Vladimir Putin’s surprise firing of the Russian government on February 24 and his appointment of “technocratic” Prime Minister Mikhail Fradkov on March 1 had Western officials and observers buzzing about another round of “reform” and Russian cooperation with the West, while Western investors were optimistic that the new government would favor them. Nevertheless, Washington should approach its relations with Moscow with a clear idea of what is likely happening behind the high Kremlin walls—and with no illusions about its present occupants.
Many Western observers saw Putin’s unexpected dismissal of the government, headed by Prime Minister Mikhail Kasya-nov, just 19 days before the March 14 presidential election, as a bold step intended to accelerate reforms that would favor foreign investment and improve Russia’s relations with the West. The English-language Moscow Times, which serves Moscow’s expatriates, took a quick survey of resident Westerners and found they were “cheering” the “surprise nominee” who would supposedly “unquestioningly follow Putin’s orders to push forward reforms.” Putin himself claimed Fradkov would advance restructuring of the government and fight corruption, while E.U. spokesman Reijo Kemppinen stated that the appointment of Russia’s current envoy to the European Union “is a positive signal of the importance that Russia attaches to its relations with the European Union.” Meanwhile, William Browder, director of Hermitage Capital Management, which manages $1.3 billion in investments in Russian securities, praised the Russian president’s stated policy goals, seeing Fradkov as a Putin loyalist who would push hard for economic reforms.
But who is Fradkov, and why was he appointed?
Fradkov appears to be a political survivor with ties to several Kremlin “clans,” leading most Russian analysts to see him as a compromise figure—hardly a convincing corruption fighter. Fradkov was likely a KGB recruit in the Soviet era when he worked for Soviet foreign-trade missions, which were commonly used as covers for intelligence operations. In the “wild 90’s” under Boris Yeltsin, Fradkov served as deputy foreign-trade minister, “handing out lucrative export quotas and privatizing key export agencies in the crony free-for-all grab” that was then underway, as the Moscow Times (March 2) put it, and, as Russian sources have claimed, serving as a government placeman for the Alfa Group, a vast financial-industrial conglomerate reportedly linked to organized crime, including drug trafficking. Fradkov was also involved in a scandal regarding misappropriation of budget funds—and reportedly built himself a Moscow residence with the cash. Twice foreign-trade minister and a former deputy secretary of the Russian Security Council, Fradkov later headed the now-disbanded Tax Police before being named Russia’s envoy to the European Union last year. Thus, Fradkov not only served the Yeltsin clan and developed a close relationship with Alfa “oligarch” Pyotr Aven but cultivated ties to the “St. Petersburg siloviky,” veterans of the KGB and the FSB (a KGB successor organization) with close personal ties to Putin.

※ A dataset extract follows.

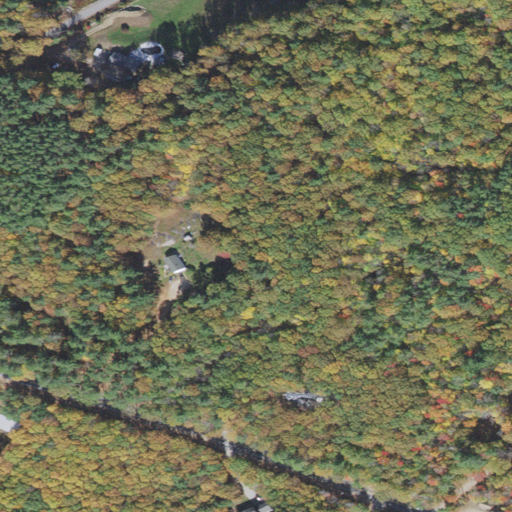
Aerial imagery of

The decision to fire the government so unexpectedly, the surprise appointment of Fradkov—who was not on any Kremlin-watcher’s short list of candidates for prime minister—and the nearly week-long pause before a new government head was announced suggest fierce infighting among the Kremlin clans—and, possibly, that the president is having difficulty containing the factional battle. Moscow political analyst Lilia Shevtsova asserted that Putin’s appointment of Fradkov shows the Russian president is “losing his grip”: “This means that Kasya-nov’s dismissal wasn’t planned. There was no plan at all.” The chaotic events were, in Shevtsova’s view, “proof of disorientation, disintegration and compromise.” “This confirms that there is some kind of serious conflict” in the Kremlin, according to Kremlinologist Andrey Piont-kovsky, with Fradkov, “tainted all over with corruption,” being an unlikely compromise figure. Piontkovsky called the appointment a “totally irresponsible decision.” Fradkov’s primary qualification may have been that the Kremlin had plenty of kompromat (“compromising material”) on the veteran bureaucrat, ensuring his loyalty: “There is no less dirt on him than . . . on Kasyanov,” reported Novaya Gazeta columnist Yuliya Latynina.
So what does the chaotic Kremlin situation mean for the West, especially the United States? U.S. investors should be cautious in their dealings with Russia: Yes, the country is rich in natural resources, especially oil, and could be an alternative (to OPEC) source of “black gold” for America, but the risks are high, and any deals should be approached with a keen awareness of the nature of the “oligarchic” system and its workings. The same rule can be applied to Washington’s relations with Moscow: Russia can be a strategic partner in, for example, the “War on Terror,” but President Bush should avoid any urge he might have to personalize relations with Putin or members of his entourage. Any agreements with Moscow should be accompanied by adequate safeguards to prevent U.S. budget funds from entering the Swiss bank accounts of Russian bigwigs. The White House can expect little in the way of cooperation in fighting international organized crime from the Kremlin; and the administration should be aware that Putin may not have as a firm a grip on power as most Western talking heads seem to think. There are no guarantees he can follow through on any arrangements he makes with Washington.